Logo, não demora até a América se revelar uma terra podre. Israel então surge como mais uma possibilidade, mais uma “terra prometida”, a definitiva, o outro lado do Mar Vermelho, casa. Quando saímos de um lugar estreito rumo ao próximo lugar amplo, esquecemos que este próximo lugar não poderá ser amplo para sempre. Como diz Nilton Bonder, jamais devemos esquecer que o lugar estreito um dia não o foi. “Como bons descendentes de Adão e Abraão, como não provar da árvore e como não sair de casa?” diz ele. Casa, ou melhor, lar não é um lugar físico. Para primeiro entender isso, é necessário reconhecer as coisas como elas são. Não como deveriam ser.

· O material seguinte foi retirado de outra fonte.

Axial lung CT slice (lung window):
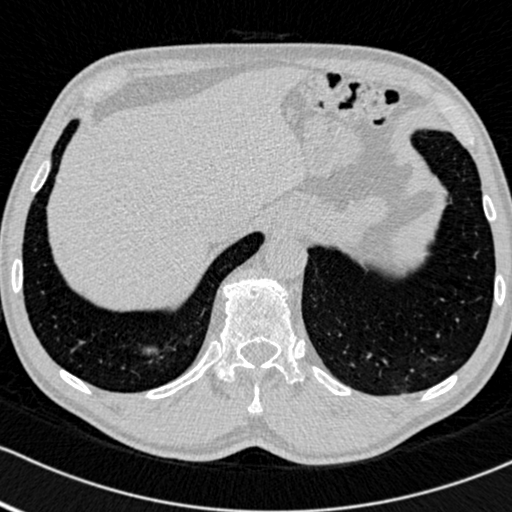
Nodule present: no

Nesse contexto entra a arquitetura brutalista. Como diz a sobrinha de László sobre suas obras: “Não indicam nada, não contam nada, simplesmente são.” Afinal, como o próprio disse: “Há descrição melhor para um cubo do que sua própria estrutura?” O que é melhor para descrever uma montanha do que a própria montanha? O que é melhor para descrever um oceano do que o próprio oceano? A partir da década de 1950 que os primeiros exemplos de arquitetura brutalista evidenciam uma característica em comum: todos aparentam ser do que realmente são feitos. A partir do uso de materiais em seu estado bruto – em especial o concreto.
Lady Gaga na sua turnê The Chromatica Ball que teve início em Düsseldorf, Alemanha, trouxe um palco inspirado na arquitetura brutalista onde se destacam os materiais, as texturas, a crueza e a transparência. Um verdadeiro convite ao olhar selvagem e duro para si mesmo. Da mesma maneira que reflete no seu novo álbum Mayhem como é prosperar e não apenas sobreviver o tempo todo. Explorar a metáfora da perseverança, acolher e sorrir através do caos.

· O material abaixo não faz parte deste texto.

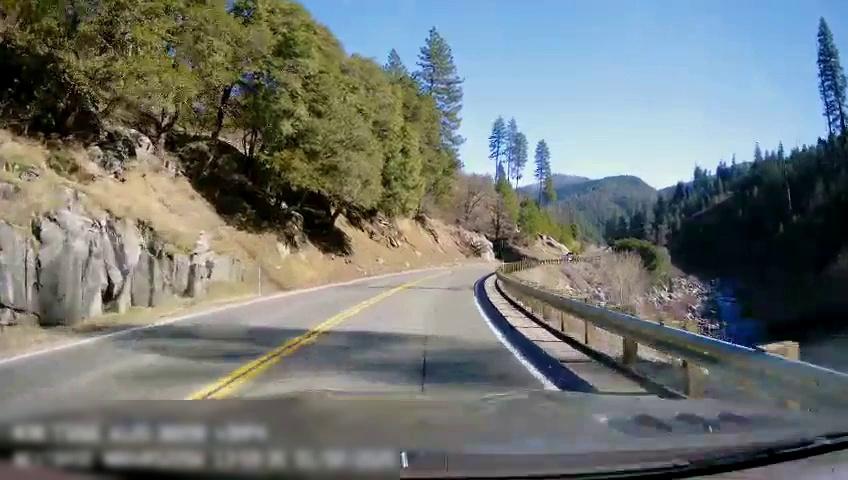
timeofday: Day
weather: Sunny
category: Drivable Space
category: Drivable Space
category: Vehicles | Truck
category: Lanes | Opposite Lane
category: Lanes | Current Lane
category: Lanes | Opposite Lane
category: Lanes | Current Lane

A direção de Brady Corbet e a fotografia de Lol Crawley conseguem transmitir através da imagem essa ideia megalomaníaca em contraste com uma figura tão miserável, simples, controlada e reclusa. É difícil não se sentir sufocado, deslocado e oprimido durante as quase quatro horas de duração de O Brutalista. Por mais gritante que fosse sua realidade, por mais dolorosa, László não encontra força dentro de si para sair desse ciclo. Ao invés disso, encontra na arte e apenas nela, uma forma de elaborar e transformar aquilo que é intangível em tangível.

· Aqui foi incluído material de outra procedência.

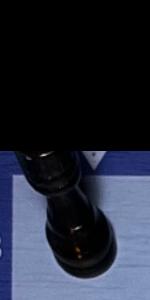
Label: Rook_Black
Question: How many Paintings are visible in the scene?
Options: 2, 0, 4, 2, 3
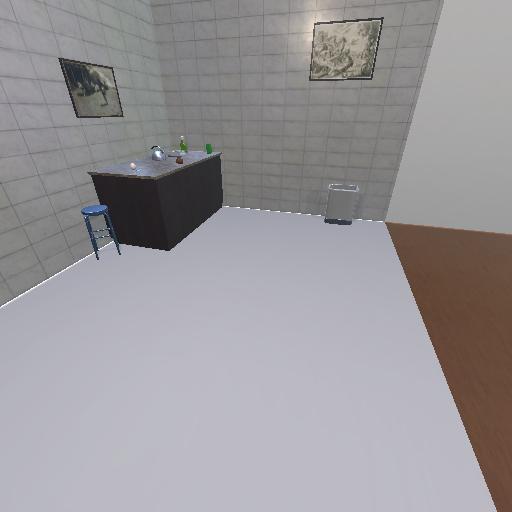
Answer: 2

Adrien Brody, Felicity Jones, Guy Pearce, Joe Alwyn e Raffey Cassidy através de suas interpretações navegam entre essas diferentes posições. Entre o que está na superfície, o que está imerso e aquilo que realmente é. Como o filme deixa claro e Nilton Bonder também fala em seu livro, aquele que engana a si mesmo é mais perverso do que o que engana os outros. Isso porque aquele que engana os outros está muito mais próximo de cair em si do que aquele que engana a si mesmo.
O profeta Isaías disse: “Paz… paz aos que vêm de longe e aos que vêm de perto.” Como Nilton conclui em seu livro a partir de um pensamento do rabino Abahu, para perceber o “bom”, é preciso apostar em muitos falsos “bons”, mas que, por profunda lealdade ao que é “correto”, jamais deixemos de ser não acomodados - transgressores. Espero e cultivo que sempre tenhamos a coragem de morder a maçã do conhecimento e atravessar quantos “mares vermelhos” forem necessários. Diante uma sociedade que foge da realidade, filmes como O Brutalista são importantes lembretes do que somos, de onde estamos, do que podemos ser e onde podemos estar.
“Não importa o que os outros tentem lhe dizer, o que importa é o destino, não a jornada.”